* **WHAT IS NEEDED**
For the records that follow, return only the count of lines containing the string "width".

Records from a dataset:
--------

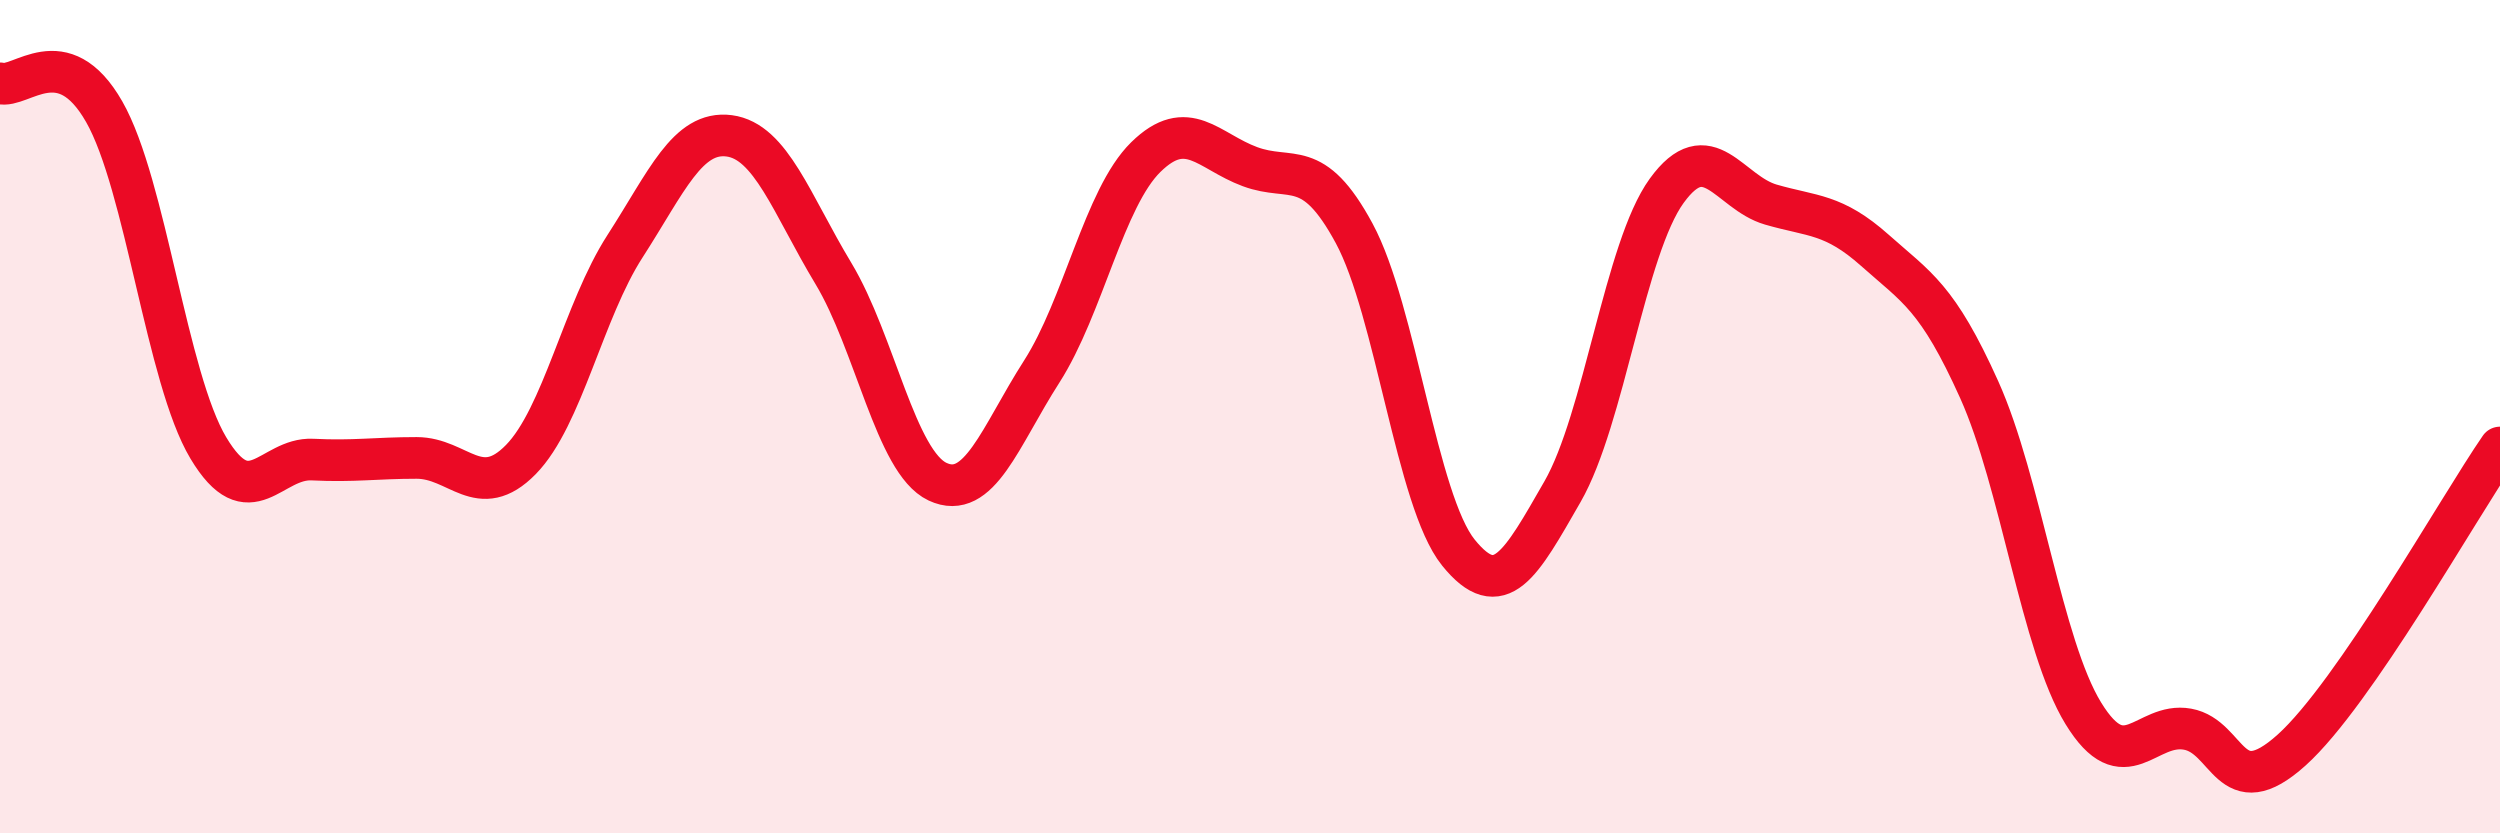 
    <svg width="60" height="20" viewBox="0 0 60 20" xmlns="http://www.w3.org/2000/svg">
      <path
        d="M 0,2 C 0.5,2.14 1.5,0.93 2.5,2.68 C 3.5,4.43 4,9.08 5,10.75 C 6,12.42 6.5,10.98 7.5,11.03 C 8.5,11.08 9,10.99 10,10.99 C 11,10.99 11.5,12.05 12.5,11.03 C 13.5,10.01 14,7.46 15,5.91 C 16,4.36 16.5,3.13 17.5,3.26 C 18.5,3.39 19,4.9 20,6.56 C 21,8.22 21.5,11.09 22.5,11.56 C 23.5,12.03 24,10.48 25,8.92 C 26,7.36 26.5,4.75 27.5,3.77 C 28.5,2.79 29,3.63 30,4 C 31,4.37 31.5,3.75 32.5,5.6 C 33.5,7.45 34,12.02 35,13.26 C 36,14.5 36.5,13.54 37.5,11.8 C 38.5,10.06 39,5.96 40,4.58 C 41,3.2 41.5,4.62 42.5,4.91 C 43.5,5.2 44,5.12 45,6.01 C 46,6.9 46.5,7.13 47.5,9.35 C 48.5,11.57 49,15.49 50,17.12 C 51,18.75 51.5,17.32 52.5,17.5 C 53.5,17.68 53.5,19.35 55,18 C 56.5,16.65 59,12.19 60,10.74L60 20L0 20Z"
        fill="#EB0A25"
        opacity="0.1"
        stroke-linecap="round"
        stroke-linejoin="round"
      />
      <path
        d="M 0,2 C 0.5,2.14 1.5,0.93 2.5,2.68 C 3.5,4.43 4,9.08 5,10.75 C 6,12.42 6.5,10.98 7.5,11.03 C 8.5,11.08 9,10.99 10,10.99 C 11,10.99 11.5,12.05 12.5,11.03 C 13.5,10.01 14,7.46 15,5.91 C 16,4.36 16.5,3.13 17.5,3.26 C 18.5,3.39 19,4.9 20,6.56 C 21,8.22 21.5,11.09 22.5,11.56 C 23.5,12.03 24,10.48 25,8.92 C 26,7.36 26.5,4.75 27.5,3.77 C 28.5,2.79 29,3.63 30,4 C 31,4.37 31.5,3.75 32.5,5.6 C 33.5,7.45 34,12.02 35,13.26 C 36,14.5 36.5,13.54 37.5,11.8 C 38.5,10.06 39,5.96 40,4.58 C 41,3.2 41.5,4.62 42.5,4.91 C 43.5,5.2 44,5.12 45,6.01 C 46,6.9 46.5,7.13 47.5,9.35 C 48.5,11.57 49,15.49 50,17.12 C 51,18.75 51.5,17.32 52.5,17.5 C 53.5,17.68 53.5,19.35 55,18 C 56.5,16.65 59,12.19 60,10.74"
        stroke="#EB0A25"
        stroke-width="1"
        fill="none"
        stroke-linecap="round"
        stroke-linejoin="round"
      />
    </svg>

--------

* **EXERCISE OUTPUT**
2